The meaning of jihad most ostensibly is fighting (qital: قتال) in the way, path or guidance (shari'a) of Allah (Qur'an 4:74) to promulgate Islam – distinguished from simply "war" (harb: حرب) or "struggle" (nidal: نضال).

Hadith

The context of the Qur'an is elucidated by the chronology and Six Holy Biographies or Hadith. Of the 199 references to jihad in perhaps the most standard collection of hadith, Bukhari, all assume that jihad means warfare.[24]

The obligation of jihad was in force on all the frontiers of Islam.

Among reported saying of the Islamic prophet Muhammad involving jihad are

"The best Jihad is the word of Justice in front of the oppressive Sultan [ruler]."[29][30]

Another saying cited by Ibn Nuhaas and narrated by Ibn Habbaan

The Messenger of Allah was asked about the best jihad. He said: "The best jihad is the one in which your horse is slain and your blood is spilled."[31]

Ibn Nuhaas also cited a hadith from Musnad Ahmad ibn Hanbal, where Muhammad states that the highest kind of Jihad, is "The person who is killed whilst spilling the last of his blood."(Ahmed 4/144)[32]

It has also been reported that Muhammad considered performing hajj to be the best jihad for Muslim women.[33]

History of usage

"Classical"

"From an early date Muslim law laid down" jihad as "one of the principal obligations" of both "the head of the Muslim state" and the Muslim community.[34] In theory, jihad in this military sense was to continue until "all mankind either embraced Islam or submitted to the authority of the Muslim state." Until this was achieved there could be truces but no peace.[34]

Those who died 'on the path of God' where martyrs, (Shahid) whose sins were remitted and who were secured "immediate entry to paradise."[35] Jihad involves legal doctrine and manuals of Islamic law often contain a section called Book of Jihad.[36] The first documentation of the law of Jihad was written by 'Abd al-Rahman al-Awza'i and Muhammad ibn al-Hasan al-Shaybani. (It grew out of debates that had surfaced ever since Muhammad's death.[20])

Early Muslim conquests

Main article: Muslim conquests
Age of the Caliphs
  Expansion under Muhammad, 622–632/A.H. 1-11
  Expansion during the Rashidun Caliphate, 632–661/A.H. 11-40
  Expansion during the Umayyad Caliphate, 661–750/A.H. 40-129

The first two barriers to the advance of Islam were the Persian Sassanian empire and Byzantine Empires. By 657 the Persian empire was conquered and by 661 the Byzantine Empires was a fraction of its former size. In less than a century the Muslim realm grew to millions of subjects extending "from the borders of India and China to the Pyrenees and the Atlantic."[37]

Often called "the Great conquests", the role of Islam in them is debated.
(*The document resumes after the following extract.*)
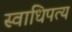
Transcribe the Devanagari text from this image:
स्वाधिपत्य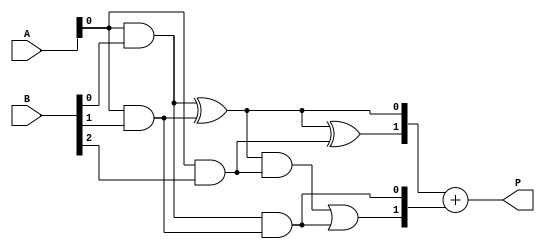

Medieval Arabic authors believed the conquests commanded by God, and presented them as orderly and disciplined, under the command of the caliph.[38] Many modern historians question whether jihad, rather than hunger and desertification, was a motivating force in the conquests. Some recent explanations cite both material and religious causes in the conquests.[39]

Post-Classical usage

According to diplomat/scholar Dore Gold, the more spiritual definitions of jihad arrived at beginning of the ninth century with the end of 150 years of Muslim holy wars and territorial expansion. "Muslim theologian broadened the meaning of jihad, de-emphasizing armed struggle and, under the influence of Sufism, adopting more spiritual definitions. ... the Islamic mainstream had shifted away from this focus on the religious requirement of a universal campaign of jihad. Consequently, the meaning of shahid. Whereas the term had originally applied to one who gave his life in battle, a scholar or someone who led Muslim prayers could now be compared to a shahid when his day of judgement arrived." [40]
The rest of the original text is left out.